[WHAT THIS TASK INVOLVES] If a line in the data below contains "outdoors", copy it.

------------------------------------------------------------------------

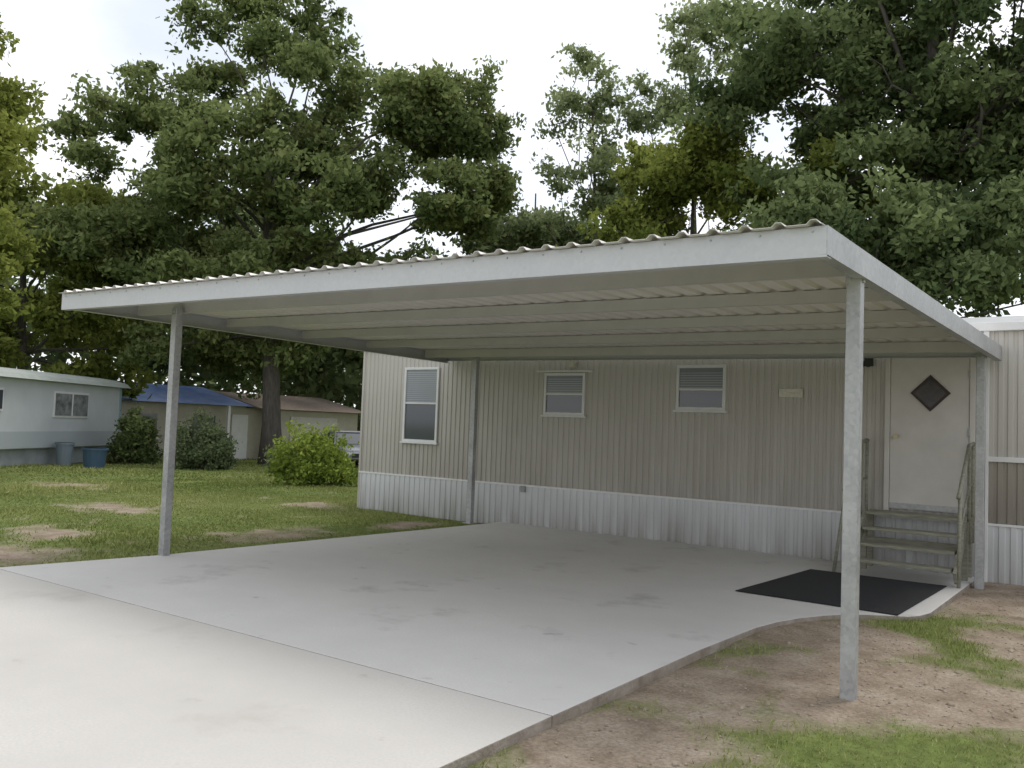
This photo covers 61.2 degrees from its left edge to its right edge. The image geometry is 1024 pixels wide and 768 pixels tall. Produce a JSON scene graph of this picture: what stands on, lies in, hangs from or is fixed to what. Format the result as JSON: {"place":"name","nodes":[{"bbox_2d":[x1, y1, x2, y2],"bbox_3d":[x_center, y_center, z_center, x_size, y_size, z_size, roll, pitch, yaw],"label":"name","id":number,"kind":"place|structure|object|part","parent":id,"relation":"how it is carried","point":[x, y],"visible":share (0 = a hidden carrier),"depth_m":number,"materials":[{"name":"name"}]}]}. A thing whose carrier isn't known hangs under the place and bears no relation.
{"place":"outdoors","nodes":[
{"label":"outdoors","id":0,"kind":"place"},
{"bbox_2d":[0,569,551,767],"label":"driveway","id":1,"kind":"structure","parent":0,"point":[88,680],"depth_m":4.72,"materials":[{"name":"concrete"}]},
{"bbox_2d":[0,460,1023,767],"bbox_3d":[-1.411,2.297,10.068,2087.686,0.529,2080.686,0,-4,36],"label":"ground","id":2,"kind":"structure","parent":0,"point":[626,748],"depth_m":5.60,"materials":[{"name":"brown soil"}]},
{"bbox_2d":[0,12,57,322],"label":"maple tree","id":3,"kind":"object","parent":2,"relation":"on","point":[15,108],"visible":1,"depth_m":21.97,"materials":[{"name":"green plant"}]},
{"bbox_2d":[55,442,74,464],"bbox_3d":[-14.604,2.276,28.240,0.599,0.750,0.599,0,-4,36],"label":"trash can","id":4,"kind":"object","parent":2,"relation":"on","point":[64,452],"visible":0.95,"depth_m":28.03,"materials":[{"name":"grey plastic"}]},
{"bbox_2d":[0,367,130,466],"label":"home","id":5,"kind":"object","parent":2,"relation":"on","point":[41,413],"visible":0.94,"depth_m":28.24,"materials":[{"name":"grey metal"}]},
{"bbox_3d":[-14.913,0.713,29.309,0.040,0.870,2.100,2,-3,3],"label":"window frame","id":6,"kind":"part","parent":5,"relation":"part of","materials":[{"name":"white metal"}]},
{"bbox_3d":[-14.886,0.714,29.308,0.015,0.730,1.960,2,-3,3],"label":"window glass","id":7,"kind":"part","parent":5,"relation":"part of","materials":[{"name":"grey glass"}]},
{"bbox_2d":[0,119,164,399],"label":"maple tree","id":8,"kind":"object","parent":2,"relation":"on","point":[53,330],"visible":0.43,"depth_m":34.42,"materials":[{"name":"green plant"}]},
{"bbox_2d":[81,447,108,467],"bbox_3d":[-12.826,2.276,26.600,0.770,0.620,0.770,0,-4,36],"label":"plastic tub","id":9,"kind":"object","parent":2,"relation":"on","point":[93,457],"visible":0.94,"depth_m":26.33,"materials":[{"name":"blue plastic"}]},
{"bbox_2d":[105,402,163,464],"bbox_3d":[-13.188,1.805,30.505,1.951,2.371,2.074,0,-4,36],"label":"shrub","id":10,"kind":"object","parent":2,"relation":"on","point":[133,441],"visible":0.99,"depth_m":30.13,"materials":[{"name":"green plant"}]},
{"bbox_2d":[120,400,261,459],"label":"walls","id":11,"kind":"structure","parent":2,"relation":"on","point":[218,412],"depth_m":39.23,"materials":[{"name":"beige paint"}]},
{"bbox_2d":[140,413,156,427],"bbox_3d":[-15.560,1.737,36.662,0.050,1.000,1.100,0,-4,36],"label":"window","id":12,"kind":"structure","parent":11,"relation":"attached to","point":[149,415],"depth_m":36.90,"materials":[{"name":"grey glass"}]},
{"bbox_2d":[122,383,253,406],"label":"blue roof","id":13,"kind":"structure","parent":11,"relation":"on","point":[194,395],"depth_m":39.69,"materials":[{"name":"blue metal"}]},
{"bbox_2d":[193,415,214,436],"bbox_3d":[-13.878,1.918,39.017,0.050,1.000,1.100,0,-4,36],"label":"window","id":14,"kind":"structure","parent":11,"relation":"attached to","point":[196,419],"depth_m":38.71,"materials":[{"name":"grey glass"}]},
{"bbox_2d":[229,414,247,459],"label":"white door","id":15,"kind":"structure","parent":11,"relation":"attached to","point":[239,427],"depth_m":40.55,"materials":[{"name":"white paint"}]},
{"bbox_2d":[0,174,383,430],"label":"distant tree mass","id":16,"kind":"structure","parent":2,"relation":"on","point":[339,385],"depth_m":51.36,"materials":[{"name":"green plant"}]},
{"bbox_2d":[161,407,240,470],"bbox_3d":[-10.034,1.877,28.159,2.299,2.247,2.423,0,-4,36],"label":"shrub","id":17,"kind":"object","parent":2,"relation":"on","point":[213,445],"visible":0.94,"depth_m":27.87,"materials":[{"name":"green plant"}]},
{"bbox_2d":[29,186,377,383],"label":"oak tree","id":18,"kind":"object","parent":2,"relation":"on","point":[244,217],"visible":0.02,"depth_m":44.45,"materials":[{"name":"green plant"}]},
{"bbox_2d":[226,405,230,437],"bbox_3d":[-12.966,2.275,39.459,0.120,2.600,0.120,0,-4,36],"label":"porch post","id":19,"kind":"object","parent":2,"relation":"on","point":[228,418],"visible":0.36,"depth_m":39.45,"materials":[{"name":"white wood"}]},
{"bbox_2d":[6,0,526,464],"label":"oak tree","id":20,"kind":"object","parent":2,"relation":"on","point":[184,182],"visible":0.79,"depth_m":32.95,"materials":[{"name":"green plant"}]},
{"bbox_2d":[259,441,296,472],"bbox_3d":[-7.017,2.420,27.268,1.891,1.258,1.785,0,-4,36],"label":"shrub","id":21,"kind":"object","parent":2,"relation":"on","point":[268,457],"visible":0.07,"depth_m":27.12,"materials":[{"name":"green plant"}]},
{"bbox_2d":[263,420,358,486],"bbox_3d":[-4.956,1.852,22.018,2.614,1.912,2.452,3,-3,-21],"label":"shrub","id":22,"kind":"object","parent":2,"relation":"on","point":[329,460],"visible":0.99,"depth_m":21.55,"materials":[{"name":"green plant"}]},
{"bbox_2d":[281,410,357,442],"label":"wing walls","id":23,"kind":"structure","parent":2,"relation":"on","point":[347,421],"depth_m":43.82,"materials":[{"name":"beige paint"}]},
{"bbox_2d":[214,391,360,413],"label":"wing roof","id":24,"kind":"structure","parent":23,"relation":"on","point":[297,403],"depth_m":44.20,"materials":[{"name":"metal"}]},
{"bbox_2d":[289,417,336,441],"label":"garage door","id":25,"kind":"structure","parent":23,"relation":"attached to","point":[323,422],"depth_m":43.10,"materials":[{"name":"white paint"}]},
{"bbox_2d":[323,430,359,465],"bbox_3d":[-6.593,2.614,34.803,1.820,1.460,4.545,3,-3,-24],"label":"parked car","id":26,"kind":"object","parent":2,"relation":"on","point":[355,435],"visible":0.27,"depth_m":33.96,"materials":[{"name":"silver metal"}]},
{"bbox_2d":[0,522,973,725],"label":"concrete slab","id":27,"kind":"structure","parent":2,"relation":"on","point":[559,626],"depth_m":7.75,"materials":[{"name":"grey concrete"}]},
{"bbox_2d":[61,219,1001,700],"bbox_3d":[0.285,0.675,9.792,8.482,3.000,6.684,0,-4,36],"label":"carport","id":28,"kind":"object","parent":27,"relation":"on","point":[813,289],"visible":0.98,"depth_m":8.15,"materials":[{"name":"metal"}]},
{"bbox_2d":[735,569,946,614],"bbox_3d":[3.462,2.127,9.000,1.590,0.010,2.100,0,-4,36],"label":"door mat","id":29,"kind":"object","parent":27,"relation":"on","point":[887,596],"depth_m":8.84,"materials":[{"name":"black rubber"}]},
{"bbox_2d":[832,438,975,587],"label":"entry steps","id":30,"kind":"structure","parent":27,"relation":"on","point":[962,549],"depth_m":10.03,"materials":[{"name":"grey wood"}]},
{"bbox_2d":[0,457,1023,767],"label":"lawn grass","id":31,"kind":"structure","parent":2,"relation":"on","point":[180,487],"depth_m":13.73,"materials":[{"name":"green plant"}]},
{"bbox_2d":[452,193,613,254],"bbox_3d":[2.441,-2.384,39.978,9.227,13.029,9.391,0,-4,36],"label":"pecan tree","id":32,"kind":"object","parent":2,"relation":"on","point":[529,234],"visible":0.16,"depth_m":38.36,"materials":[{"name":"green plant"}]},
{"bbox_2d":[524,40,641,246],"bbox_3d":[3.126,-4.724,32.976,5.701,16.819,5.891,3,-3,-25],"label":"elm tree","id":33,"kind":"object","parent":2,"relation":"on","point":[604,192],"visible":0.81,"depth_m":33.60,"materials":[{"name":"green plant"}]},
{"bbox_2d":[359,473,974,576],"bbox_3d":[1.334,2.034,13.152,10.320,0.785,0.014,0,-4,36],"label":"front skirting","id":34,"kind":"object","parent":2,"relation":"on","point":[799,533],"visible":0.55,"depth_m":12.65,"materials":[{"name":"white metal"}]},
{"bbox_2d":[520,486,525,491],"bbox_3d":[0.179,1.695,13.977,0.080,0.100,0.040,0,-4,36],"label":"outlet box","id":35,"kind":"object","parent":34,"relation":"attached to","point":[522,488],"visible":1,"depth_m":13.96,"materials":[{"name":"grey plastic"}]},
{"bbox_2d":[359,471,974,523],"bbox_3d":[1.334,1.641,13.178,10.310,0.028,0.025,0,-4,36],"label":"skirt cap","id":36,"kind":"object","parent":34,"relation":"attached to","point":[763,505],"visible":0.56,"depth_m":12.62,"materials":[{"name":"white metal"}]},
{"bbox_2d":[611,0,784,233],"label":"elm tree","id":37,"kind":"object","parent":2,"relation":"on","point":[689,62],"visible":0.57,"depth_m":33.42,"materials":[{"name":"green plant"}]},
{"bbox_2d":[555,111,893,246],"bbox_3d":[6.501,-2.489,27.051,13.272,11.800,7.166,0,-4,36],"label":"hackberry tree","id":38,"kind":"object","parent":2,"relation":"on","point":[667,177],"visible":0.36,"depth_m":26.42,"materials":[{"name":"green plant"}]},
{"bbox_2d":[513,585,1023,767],"bbox_3d":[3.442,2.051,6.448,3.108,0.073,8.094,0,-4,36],"label":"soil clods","id":39,"kind":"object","parent":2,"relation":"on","point":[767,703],"visible":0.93,"depth_m":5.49,"materials":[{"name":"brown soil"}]},
{"bbox_2d":[659,0,1023,311],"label":"sycamore tree","id":40,"kind":"object","parent":2,"relation":"on","point":[860,40],"visible":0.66,"depth_m":23.33,"materials":[{"name":"green plant"}]},
{"bbox_2d":[720,161,1023,317],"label":"hackberry tree","id":41,"kind":"object","parent":2,"relation":"on","point":[975,266],"visible":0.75,"depth_m":19.32,"materials":[{"name":"green plant"}]},
{"bbox_2d":[870,0,1023,316],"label":"pecan tree","id":42,"kind":"object","parent":2,"relation":"on","point":[983,167],"visible":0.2,"depth_m":23.17,"materials":[{"name":"green plant"}]},
{"bbox_2d":[984,331,989,581],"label":"corner trim","id":43,"kind":"structure","parent":2,"relation":"on","point":[986,333],"depth_m":10.17,"materials":[{"name":"white metal"}]},
{"bbox_2d":[987,526,1023,585],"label":"front skirting annex","id":44,"kind":"object","parent":2,"relation":"on","point":[1005,555],"visible":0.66,"depth_m":10.02,"materials":[{"name":"white metal"}]},
{"bbox_2d":[988,523,1023,528],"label":"skirting trim","id":45,"kind":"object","parent":44,"relation":"attached to","point":[1004,525],"visible":1,"depth_m":10.03,"materials":[{"name":"white metal"}]},
{"bbox_2d":[0,0,1023,406],"label":"sky","id":46,"kind":"structure","parent":0,"point":[59,39],"materials":[{"name":"white"}]},
{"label":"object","id":47,"kind":"object","parent":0,"visible":0},
{"bbox_2d":[361,332,983,516],"bbox_3d":[1.391,0.480,13.246,10.300,2.320,0.014,0,-4,36],"label":"front siding","id":48,"kind":"object","parent":47,"relation":"attached to","point":[759,442],"visible":0.54,"depth_m":12.82,"materials":[{"name":"beige metal"}]},
{"bbox_2d":[357,352,365,507],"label":"corner trim","id":49,"kind":"structure","parent":48,"relation":"attached to","point":[362,407],"depth_m":16.20,"materials":[{"name":"beige metal"}]},
{"bbox_2d":[402,367,439,442],"bbox_3d":[-1.621,0.366,15.379,0.810,1.330,0.035,0,-4,36],"label":"window frame","id":50,"kind":"object","parent":48,"relation":"attached to","point":[437,403],"visible":1,"depth_m":15.30,"materials":[{"name":"white metal"}]},
{"bbox_2d":[399,441,437,444],"bbox_3d":[-1.653,1.044,15.334,0.870,0.030,0.060,0,-4,36],"label":"window sill","id":51,"kind":"structure","parent":50,"relation":"attached to","point":[418,442],"depth_m":15.30,"materials":[{"name":"white metal"}]},
{"bbox_2d":[404,404,435,439],"bbox_3d":[-1.627,0.664,15.371,0.720,0.645,0.006,0,-4,36],"label":"window bedroom lower pane","id":52,"kind":"object","parent":50,"relation":"in","point":[419,421],"visible":1,"depth_m":15.37,"materials":[{"name":"grey glass"}]},
{"bbox_2d":[405,402,435,403],"bbox_3d":[-1.622,0.341,15.377,0.720,0.030,0.017,0,-4,36],"label":"window bedroom meeting rail","id":53,"kind":"object","parent":50,"relation":"attached to","point":[418,403],"depth_m":15.39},
{"bbox_2d":[406,370,436,402],"bbox_3d":[-1.605,0.045,15.400,0.720,0.595,0.006,0,-4,36],"label":"window pane","id":54,"kind":"object","parent":50,"relation":"in","point":[425,389],"visible":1,"depth_m":15.38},
{"bbox_2d":[406,372,436,401],"bbox_3d":[-1.608,0.054,15.396,0.700,0.537,0.002,0,-4,36],"label":"window blind","id":55,"kind":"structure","parent":50,"relation":"in","point":[417,378],"depth_m":15.47,"materials":[{"name":"white plastic"}]},
{"bbox_2d":[540,415,585,417],"bbox_3d":[0.804,0.507,13.620,0.820,0.030,0.060,0,-4,36],"label":"window sill","id":56,"kind":"structure","parent":48,"relation":"attached to","point":[563,416],"depth_m":13.59,"materials":[{"name":"white metal"}]},
{"bbox_2d":[543,373,585,415],"bbox_3d":[0.824,0.159,13.648,0.760,0.670,0.035,0,-4,36],"label":"window bath frame","id":57,"kind":"object","parent":48,"relation":"attached to","point":[583,393],"visible":1,"depth_m":13.62,"materials":[{"name":"white metal"}]},
{"bbox_2d":[546,395,581,412],"bbox_3d":[0.823,0.304,13.648,0.670,0.290,0.006,0,-4,36],"label":"window pane","id":58,"kind":"object","parent":57,"relation":"in","point":[565,403],"visible":1,"depth_m":13.64,"materials":[{"name":"grey glass"}]},
{"bbox_2d":[546,393,581,394],"bbox_3d":[0.822,0.159,13.645,0.670,0.030,0.017,0,-4,36],"label":"window rail","id":59,"kind":"object","parent":57,"relation":"attached to","point":[563,393],"depth_m":13.64,"materials":[{"name":"white metal"}]},
{"bbox_2d":[547,376,582,391],"bbox_3d":[0.833,0.015,13.661,0.670,0.290,0.006,0,-4,36],"label":"window bath upper pane","id":60,"kind":"object","parent":57,"relation":"in","point":[579,378],"visible":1,"depth_m":13.66,"materials":[{"name":"grey glass"}]},
{"bbox_2d":[547,379,582,392],"bbox_3d":[0.830,0.028,13.656,0.650,0.222,0.002,0,-4,36],"label":"window blind","id":61,"kind":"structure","parent":57,"relation":"in","point":[564,385],"depth_m":13.66,"materials":[{"name":"white plastic"}]},
{"bbox_2d":[537,370,592,372],"bbox_3d":[0.827,-0.201,13.661,1.020,0.030,0.060,0,-4,36],"label":"window awning trim","id":62,"kind":"structure","parent":48,"relation":"attached to","point":[540,371],"depth_m":13.63,"materials":[{"name":"white metal"}]},
{"bbox_2d":[569,360,577,366],"bbox_3d":[0.955,-0.327,13.548,0.120,0.130,0.110,0,-4,36],"label":"porch lamp","id":63,"kind":"object","parent":48,"relation":"attached to","point":[572,363],"visible":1,"depth_m":13.51,"materials":[{"name":"beige glass"}]},
{"bbox_2d":[673,410,727,412],"bbox_3d":[2.667,0.389,12.298,0.810,0.030,0.060,0,-4,36],"label":"window sill","id":64,"kind":"structure","parent":48,"relation":"attached to","point":[704,411],"depth_m":12.25,"materials":[{"name":"white metal"}]},
{"bbox_2d":[675,364,726,410],"bbox_3d":[2.687,0.051,12.325,0.750,0.650,0.035,0,-4,36],"label":"window frame","id":65,"kind":"object","parent":48,"relation":"attached to","point":[724,367],"visible":1,"depth_m":12.28,"materials":[{"name":"white metal"}]},
{"bbox_2d":[679,390,721,407],"bbox_3d":[2.686,0.205,12.324,0.660,0.252,0.006,0,-4,36],"label":"window pane","id":66,"kind":"object","parent":65,"relation":"in","point":[700,398],"visible":1,"depth_m":12.32,"materials":[{"name":"grey glass"}]},
{"bbox_2d":[679,388,721,390],"bbox_3d":[2.684,0.079,12.320,0.660,0.030,0.017,0,-4,36],"label":"window rail","id":67,"kind":"object","parent":65,"relation":"attached to","point":[700,389],"depth_m":12.31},
{"bbox_2d":[679,368,722,388],"bbox_3d":[2.695,-0.075,12.336,0.660,0.308,0.006,0,-4,36],"label":"window blind","id":68,"kind":"object","parent":65,"relation":"in","point":[700,371],"visible":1,"depth_m":12.34,"materials":[{"name":"white plastic"}]},
{"bbox_2d":[680,372,722,387],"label":"window kitchen blind slats","id":69,"kind":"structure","parent":65,"relation":"in","point":[702,380],"depth_m":12.32,"materials":[{"name":"white plastic"}]},
{"bbox_2d":[779,389,802,397],"bbox_3d":[3.729,0.122,11.582,0.320,0.120,0.023,0,-4,36],"label":"number plaque","id":70,"kind":"object","parent":48,"relation":"attached to","point":[790,393],"visible":1,"depth_m":11.57,"materials":[{"name":"beige plastic"}]},
{"bbox_2d":[863,358,873,366],"bbox_3d":[4.488,-0.263,10.982,0.196,0.136,0.169,0,-4,36],"label":"security light","id":71,"kind":"object","parent":48,"relation":"attached to","point":[868,362],"visible":0.8,"depth_m":10.91,"materials":[{"name":"black plastic"}]},
{"bbox_2d":[883,358,975,509],"bbox_3d":[5.087,0.582,10.568,1.010,1.980,0.041,0,-4,36],"label":"door frame","id":72,"kind":"object","parent":48,"relation":"attached to","point":[972,428],"visible":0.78,"depth_m":10.80,"materials":[{"name":"white wood"}]},
{"bbox_2d":[889,358,969,513],"bbox_3d":[5.090,0.603,10.571,0.882,1.891,0.020,0,-4,36],"label":"door leaf","id":73,"kind":"object","parent":72,"relation":"in","point":[928,448],"visible":0.8,"depth_m":10.56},
{"bbox_2d":[889,502,966,513],"bbox_3d":[5.047,1.504,10.513,0.882,0.070,0.009,0,-4,36],"label":"door kick strip","id":74,"kind":"object","parent":73,"relation":"attached to","point":[924,507],"depth_m":10.52,"materials":[{"name":"grey metal"}]},
{"bbox_2d":[911,375,950,410],"bbox_3d":[5.109,0.112,10.572,0.450,0.450,0.017,0,-4,36],"label":"diamond window frame","id":75,"kind":"object","parent":73,"relation":"attached to","point":[939,401],"visible":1,"depth_m":10.56,"materials":[{"name":"black metal"}]},
{"bbox_2d":[914,378,946,407],"bbox_3d":[5.103,0.111,10.563,0.370,0.370,0.005,0,-4,36],"label":"diamond window glass","id":76,"kind":"object","parent":75,"relation":"in","point":[930,393],"visible":1,"depth_m":10.56,"materials":[{"name":"black glass"}]},
{"bbox_2d":[969,321,1023,331],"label":"eave trim","id":77,"kind":"structure","parent":48,"relation":"attached to","point":[1002,326],"depth_m":10.16,"materials":[{"name":"white metal"}]},
{"bbox_2d":[962,316,1023,322],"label":"bowed roof","id":78,"kind":"structure","parent":47,"relation":"on","point":[995,319],"depth_m":10.60,"materials":[{"name":"metal"}]},
{"bbox_2d":[988,462,1023,525],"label":"front siding annex","id":79,"kind":"object","parent":47,"relation":"attached to","point":[1005,493],"visible":1,"depth_m":10.07,"materials":[{"name":"beige metal"}]},
{"bbox_2d":[988,456,1023,462],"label":"belt trim","id":80,"kind":"structure","parent":79,"relation":"attached to","point":[1006,459],"depth_m":10.06,"materials":[{"name":"white metal"}]},
{"bbox_2d":[989,330,1023,457],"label":"front siding annex","id":81,"kind":"object","parent":80,"relation":"on","point":[1006,406],"visible":1,"depth_m":10.12,"materials":[{"name":"white metal"}]}
]}

------------------------------------------------------------------------

[RESPONSE TO THE TASK]
{"place":"outdoors","nodes":[
{"label":"outdoors","id":0,"kind":"place"},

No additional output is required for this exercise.